Bibione, invece, fa l’esatto contrario
La sosta a pagamento, per rendere la località fruibile a tutti, in maniera comoda e ordinata, garantendo la rotazione delle auto, come ha spiegato il sindaco di Lignano Luca Fanotto, potrebbe essere utile e necessaria, se il centro fosse affollato, ma visto che i turisti ancora scarseggiano, fine settimana a parte, 90 centesimi l’ora sono un inutile balzello. Inoltre, nuove transenne ‘firmate’ Comune, impediscono la sosta, libera fino all’anno scorso, anche ai bordi di alcune strade. Giornalai e baristi lungo il ‘treno’ di Pineta raccontano di pendolari del fine settimana e di pochi, preziosi, turisti che si fermano al massimo cinque giorni, ma non spendono un euro in più del gelato. Tutti aspettano agosto, sperando che il popolo dei vacanzieri non cerchi località più convenienti, anche a due passi da Lignano.

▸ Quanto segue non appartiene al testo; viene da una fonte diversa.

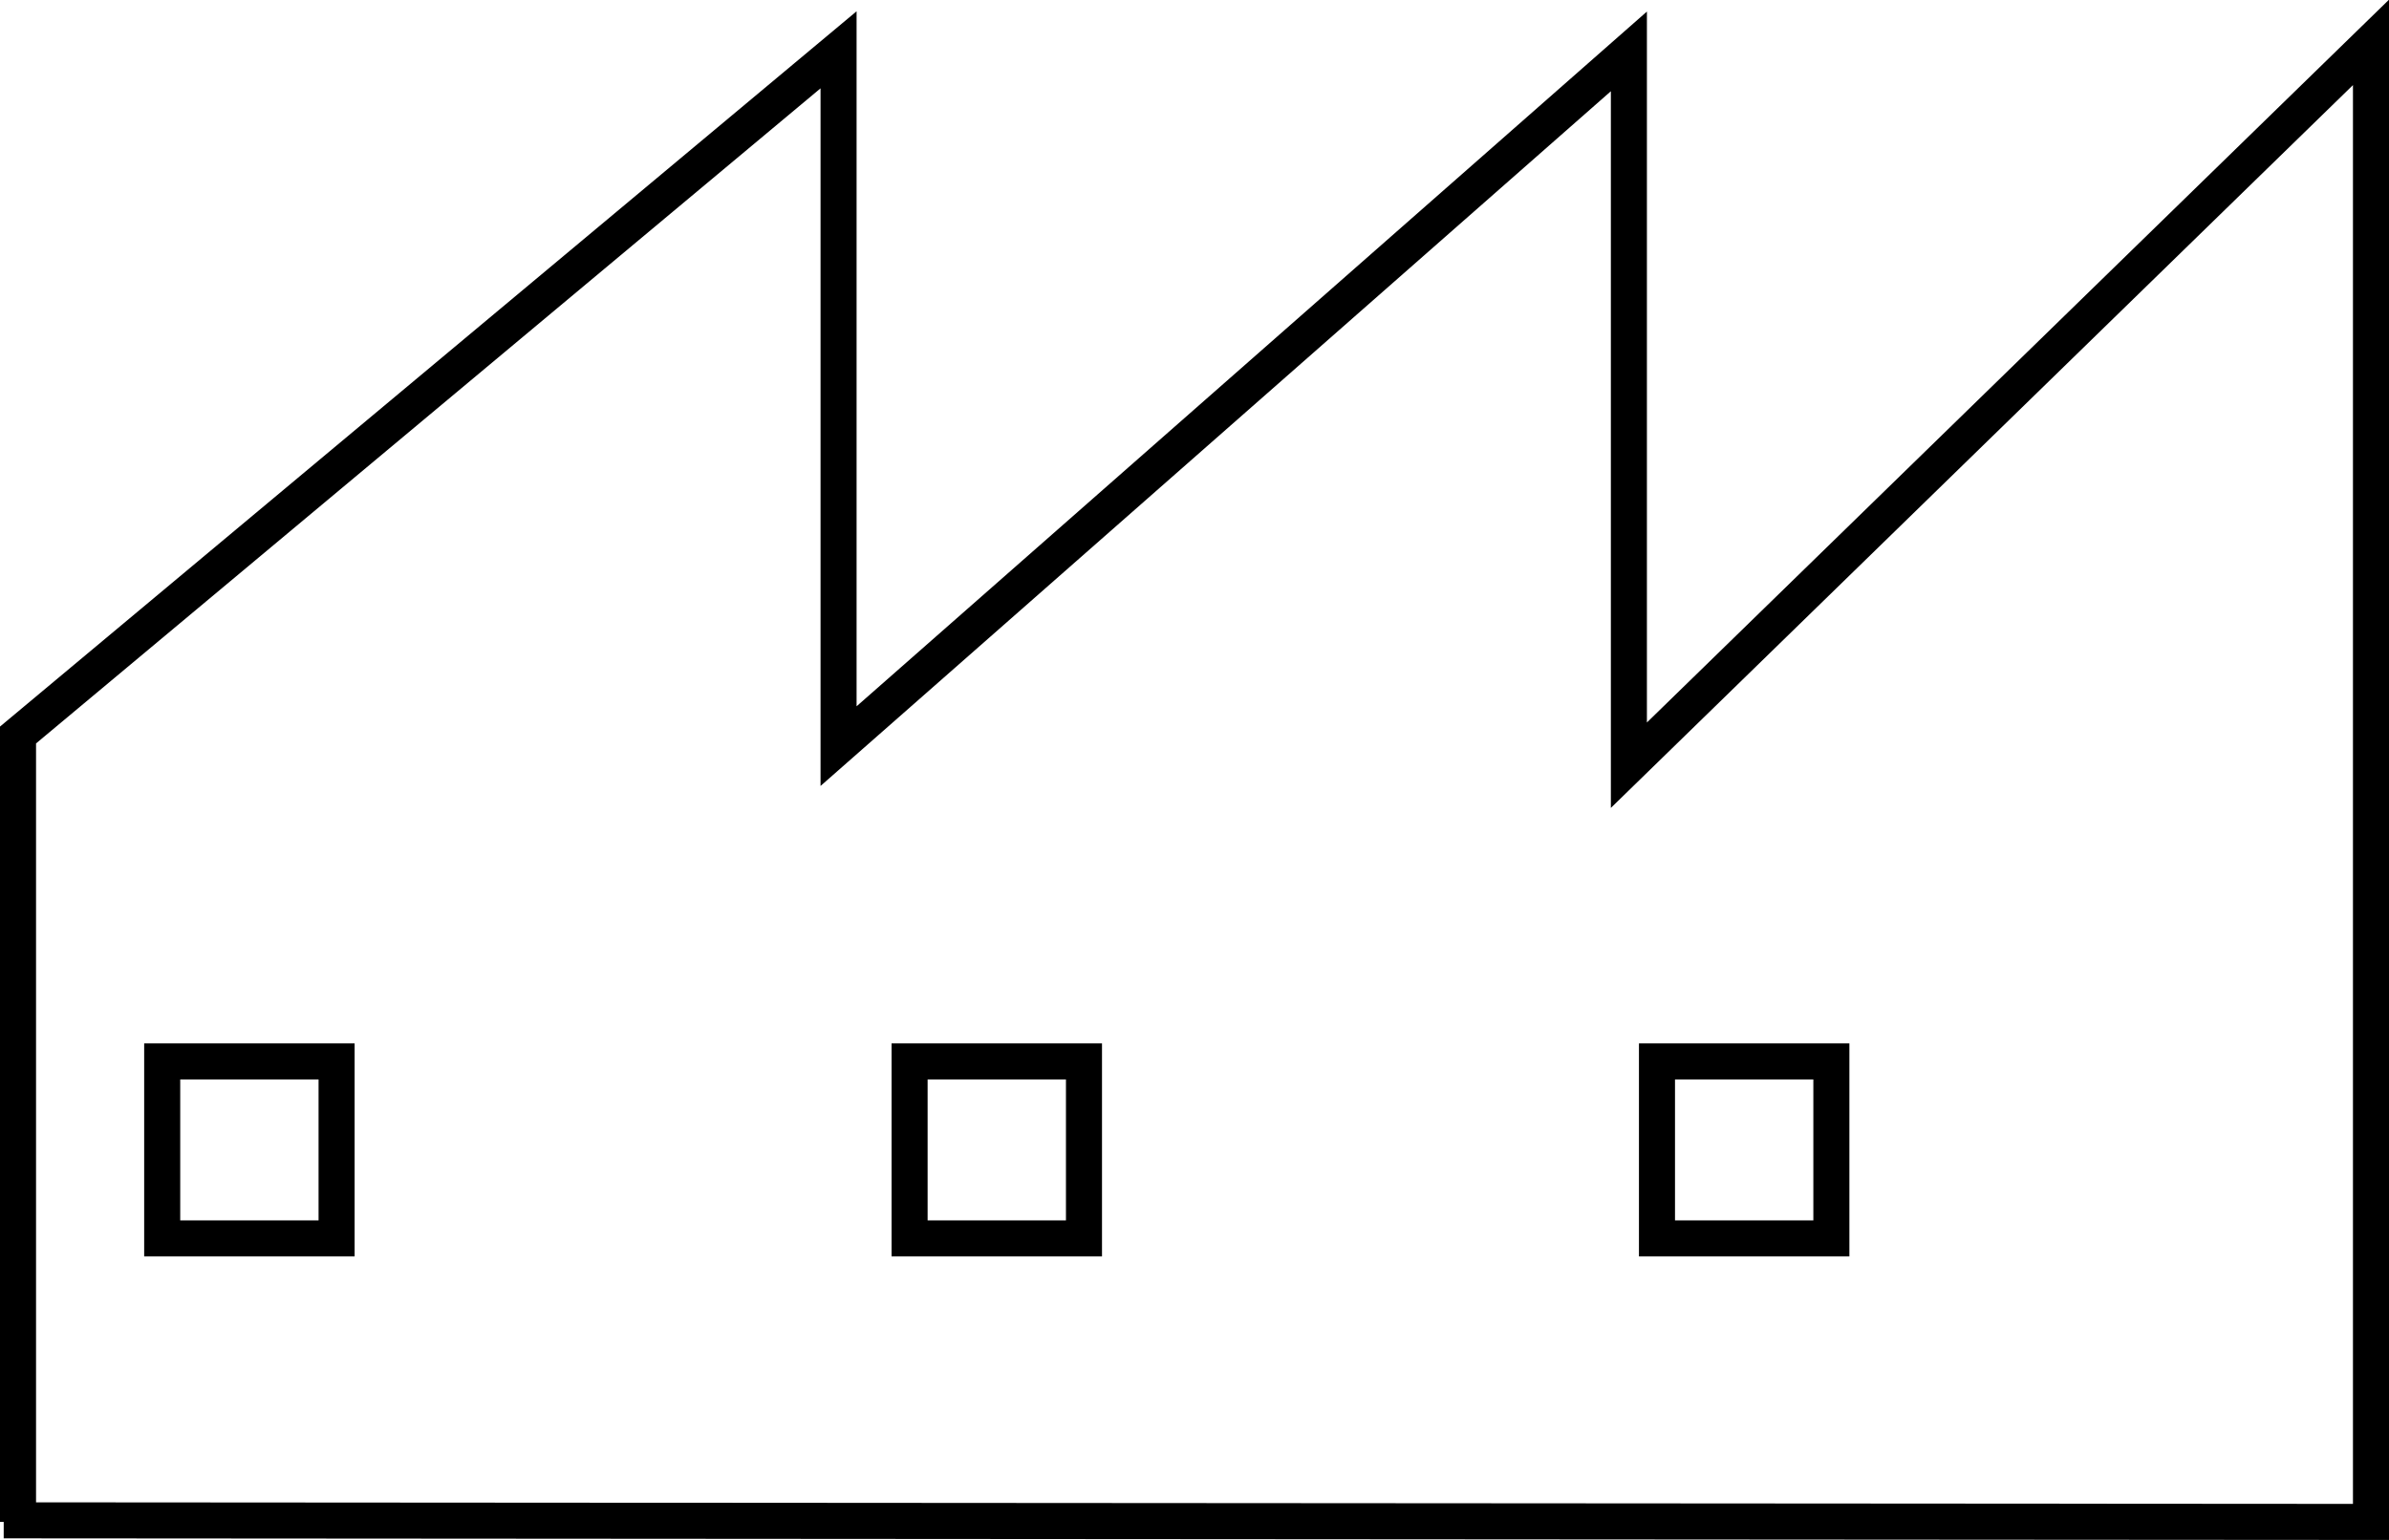 <svg xmlns="http://www.w3.org/2000/svg" viewBox="0 0 45.07 29.06"><defs><style>.cls-1{fill:none;stroke:#000;stroke-miterlimit:10;stroke-width:0.68px;}</style></defs><title>numbers_Asset 1</title><g id="Layer_2" data-name="Layer 2"><g id="Layer_1-2" data-name="Layer 1"><polyline class="cls-1" points="0.34 28.72 0.34 13.87 15.82 0.94 15.82 14.08 30.73 0.97 30.73 14.44 44.73 0.8 44.73 28.72 0.07 28.69"/><rect class="cls-1" x="3.06" y="20.03" width="3.29" height="3.34"/><rect class="cls-1" x="17.16" y="20.03" width="3.29" height="3.34"/><rect class="cls-1" x="31.26" y="20.03" width="3.29" height="3.34"/></g></g></svg>

Bibione, infatti, in questa difficile estate, è più attenta alle esigenze dei vacanzieri, già in sofferenza. L’amministrazione comunale ha optato per una liberalizzazione della sosta, a pagamento anche nel 2019, che quest’anno invece sarà gratuita negli stalli blu fino al 30 settembre. Una scelta, evidenziano dal Comune, presa cercando di dare il proprio contributo alle necessità dei turisti di prossimità, in particolar modo in quest’anno tutt’altro che semplice. Grado, invece, si conferma spiaggia elitaria. Sosta a pagamento da 80 centesimi a un euro l’ora. Ma chi frequenta l’Isola del sole è preparato al salasso.